Basicamente eles chamaram o próprio jogo deles de indie minúsculo enquanto o jogo AAA da Bungie estava ali tentando competir.

O problema?

A internet tem duas velocidades:

E evidente que muita gente imediatamente achou que aquilo era uma alfinetada direta na Bungie.


Depois da repercussão, a Mega Crit precisou voltar e explicar a situação.

Segundo o estúdio:

“Não era para ser uma indireta, estávamos sendo sarcásticos. Não imaginávamos que a repercussão seria tão grande.”

Tradução livre para linguagem da internet:

“Calma gente, era só uma zoeira.”

E honestamente?

Era muito evidente que era sarcasmo.

Mas a internet tem uma regra muito simples:

se existe a possibilidade de produzir drama, alguém vai produzir.


Outro pormenor curioso é que nem a própria Mega Crit esperava esse nível de sucesso repentino.

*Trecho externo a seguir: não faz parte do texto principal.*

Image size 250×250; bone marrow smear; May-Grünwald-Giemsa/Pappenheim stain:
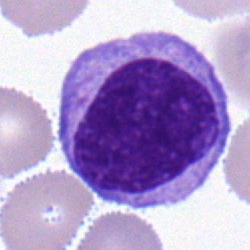Showing a lymphocyte.
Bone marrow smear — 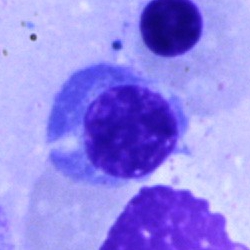

A normoblast.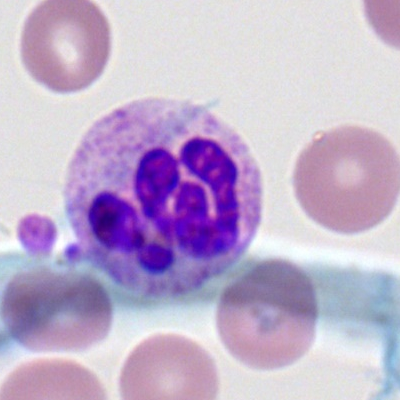 A segmented neutrophil.
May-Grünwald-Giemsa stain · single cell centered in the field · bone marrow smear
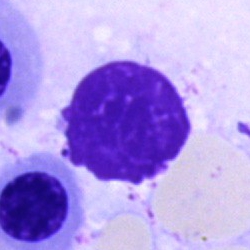 {"cell_type": "artifact"}
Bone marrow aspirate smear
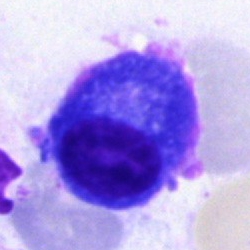
Specimen: bone marrow aspirate smear.
Morphological class: plasmacyte.
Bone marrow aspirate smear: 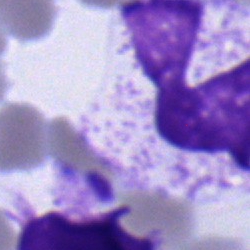Cell: band-form neutrophil.
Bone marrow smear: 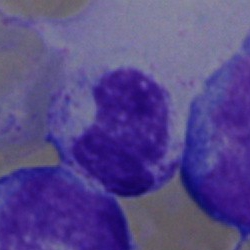 Cell type — artifact.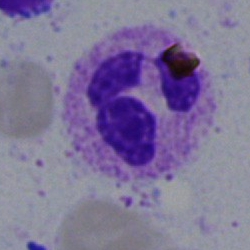 A polymorphonuclear neutrophil on a bone marrow smear.
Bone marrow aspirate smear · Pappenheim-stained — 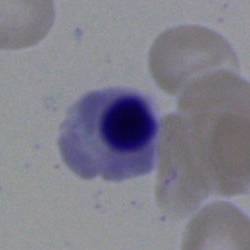Q: What type of cell is this?
A: It is a nucleated red cell.
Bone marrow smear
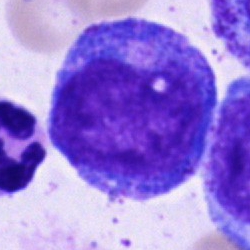Morphology → promyelocyte.
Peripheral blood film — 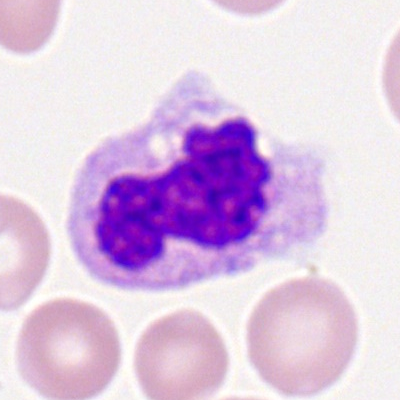
The cell shown is a polymorphonuclear neutrophil.
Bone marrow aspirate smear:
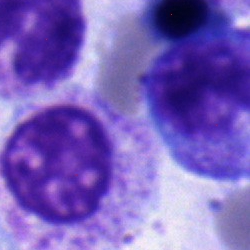
Promyelocyte.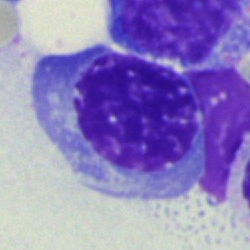The classification is nucleated red cell.
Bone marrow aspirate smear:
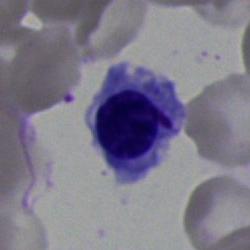

{"cell_type": "nucleated red cell", "lineage": "erythroid"}
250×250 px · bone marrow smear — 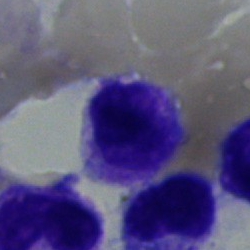Q: What type of cell is this?
A: A metamyelocyte.
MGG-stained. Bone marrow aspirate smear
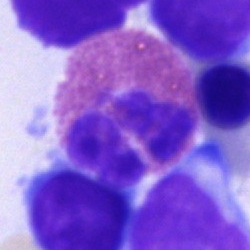

Q: What cell is this?
A: Eosinophil.
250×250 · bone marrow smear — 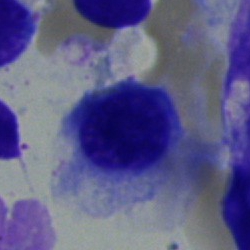

Cell type = erythroblast.
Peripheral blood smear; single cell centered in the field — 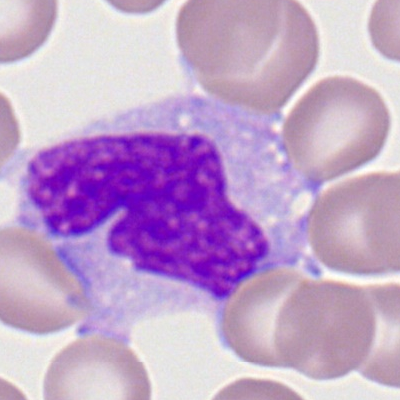 Q: What type of cell is this?
A: Monocyte.
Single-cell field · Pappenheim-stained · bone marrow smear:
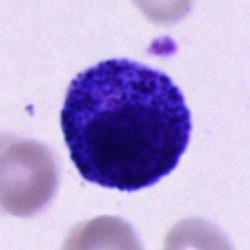Q: What cell is this?
A: This is a progranulocyte.
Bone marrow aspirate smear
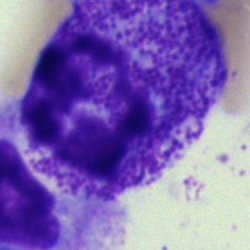
Single cell identified as a promyelocyte.
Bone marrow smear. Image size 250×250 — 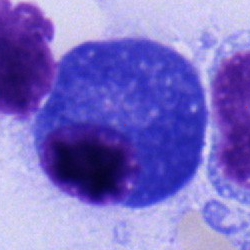

Cell — plasmacyte.
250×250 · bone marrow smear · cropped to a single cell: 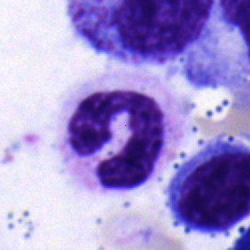

Classification = neutrophil (segmented).
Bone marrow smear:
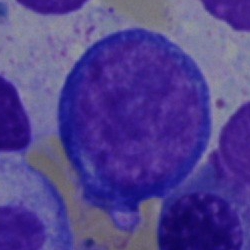Cell = pronormoblast.
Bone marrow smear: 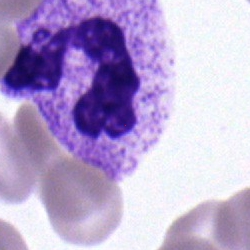
Cell: segmented neutrophil.
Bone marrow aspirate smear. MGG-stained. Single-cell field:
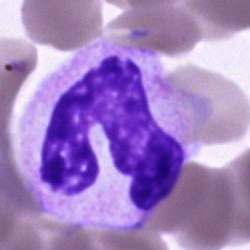
Specimen: bone marrow smear.
Cell type: band neutrophil.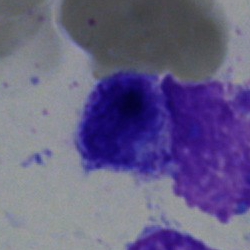Cell type: artefact.
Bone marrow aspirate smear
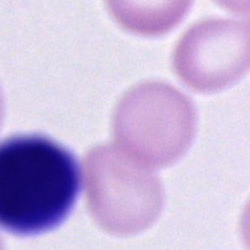Morphology — unidentifiable cell.
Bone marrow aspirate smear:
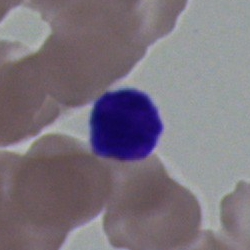 Cell type: typical lymphocyte.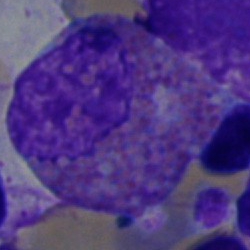
Specimen: bone marrow aspirate smear.
Classification: eosinophil.
Lineage: myeloid.
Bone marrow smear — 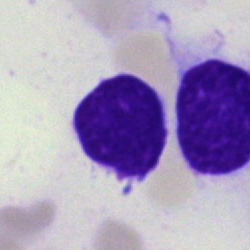 Specimen: bone marrow smear.
Cell type: typical lymphocyte.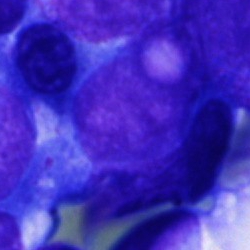 The cell shown is an artifact.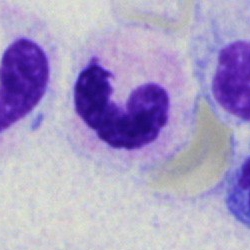
{"cell_type": "neutrophil (segmented)"}
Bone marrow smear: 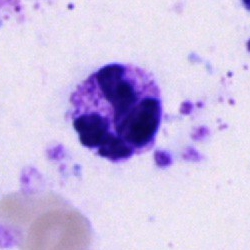
Morphology consistent with a neutrophil (segmented).
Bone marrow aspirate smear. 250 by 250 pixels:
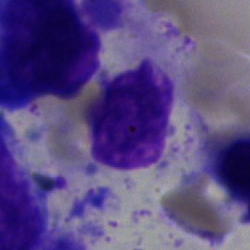Artifact.
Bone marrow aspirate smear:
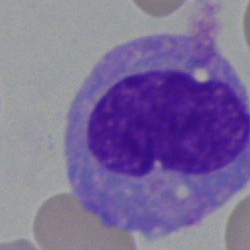Cell: monocyte.
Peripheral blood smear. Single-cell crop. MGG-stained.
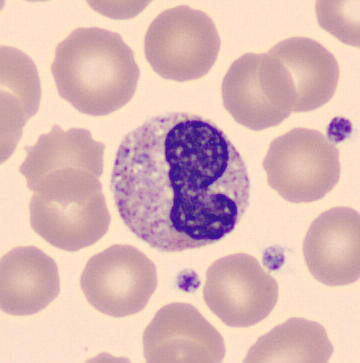
Morphology — band-form neutrophil.
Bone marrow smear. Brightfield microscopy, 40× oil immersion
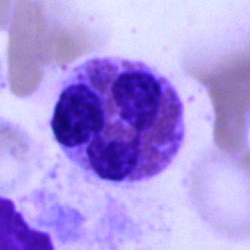 Morphological class — eosinophilic granulocyte.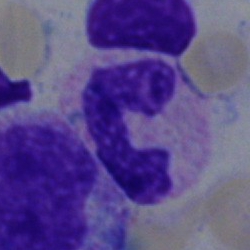
Cell type = neutrophil (band).
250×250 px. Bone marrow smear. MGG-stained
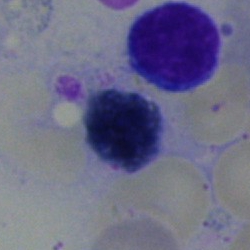
{"cell_type": "nucleated red blood cell"}
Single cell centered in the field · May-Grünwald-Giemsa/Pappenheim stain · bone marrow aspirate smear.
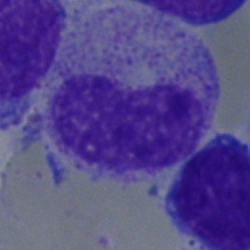
Classification = metamyelocyte.
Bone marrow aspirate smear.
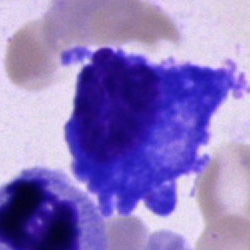Q: What type of cell is this?
A: Plasmacyte.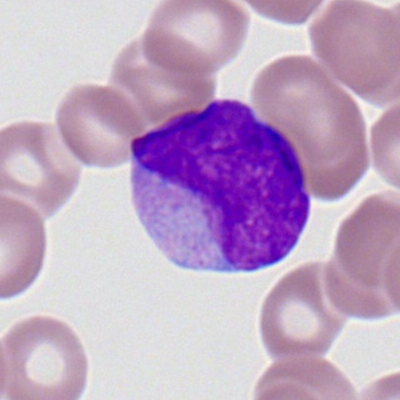Q: Identify the cell.
A: Myeloid blast.
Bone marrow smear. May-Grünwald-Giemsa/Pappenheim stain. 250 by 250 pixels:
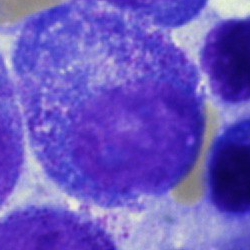

Q: What cell is this?
A: Promyelocyte.

Até porque Slay the Spire 2 ainda está em aproximação antecipado.

Ou seja:

tecnicamente o jogo nem está pronto ainda.

Sim.

O jogo incompleto conseguiu mais de 430 milénio jogadores simultâneos.

Enquanto muitos jogos AAA completos lutam para chegar a 100 milénio.

Se isso não prova o poder de um bom jogo indie, eu não sei o que prova.


Enquanto isso, o outro lado da história também trouxe um pormenor curioso.

A Bungie pediu para que os sites aguardem até o final de março para publicar análises de Marathon.

O motivo?

Segmento do teor endgame só será liberado na segunda metade do mês.

Ou seja, a teoria é que as análises levem em consideração a experiência completa.

Agora vamos trasladar isso para a língua gamer:

“Calma aí que o jogo ainda vai melhorar.”

E olha… isso acontece bastante hoje em dia.

Jogos modernos frequentemente chegam com teor sendo liberado gradualmente.

A diferença é que agora isso acontece enquanto outro jogo já está quebrando recordes ao lado.


Essa história também reforça uma tendência que vem acontecendo há anos.

Jogos AAA gigantes continuam dominando marketing e trailers cinematográficos.

Mas jogos indie frequentemente conseguem um tanto que verba não compra:

um gameplay absurdamente viciante.

O primeiro Slay the Spire já era um fenômeno.

Ele praticamente definiu o gênero de deckbuilding roguelike moderno.

E agora a sequência parece estar repetindo a fórmula.

Enquanto isso, Marathon tenta encontrar seu espaço em um mercado de shooters que já tem concorrentes gigantes.

Entre eles:

  • Escape from Tarkov

  • Apex Legends

  • Destiny 2

Ou seja…

não é exatamente um gênero fácil de dominar.


Se existe uma prelecção nessa história toda, ela é simples:

No mundo dos games, ideias boas ainda valem mais que orçamento gigantesco.

Slay the Spire 2 prova isso novamente.

Um jogo de cartas, com estética simples e mecânicas extremamente muito pensadas, conseguiu atrair centenas de milhares de jogadores no lançamento.

Enquanto isso, Marathon ainda está tentando encontrar seu público.

E isso não significa que Marathon seja um fracasso.

Muito longe disso.

Mas mostra que o mercado de games continua imprevisível.


Se essa história fosse um filme dos anos 80, seria um tanto assim:

  • o estúdio AAA chega com um tanque de guerra

  • o estúdio indie aparece com um estilingue

  • e somehow… o estilingue ganha

E no termo das contas isso é ótimo para os jogadores.

Porque significa que o que realmente importa continua sendo:

um jogo recreativo.

Mesmo que ele seja feito por um estúdio pequeno…

E mesmo que ele custe uma fração do orçamento de um AAA.


💾 RumbleTech avisa:

Quando um jogo em aproximação antecipado bate 430 milénio jogadores simultâneos, fica evidente que um tanto muito notório foi feito.

E quando isso acontece no mesmo dia que um shooter AAA chega ao mercado…

bom…

digamos que a ironia da situação escreve a manchete sozinha.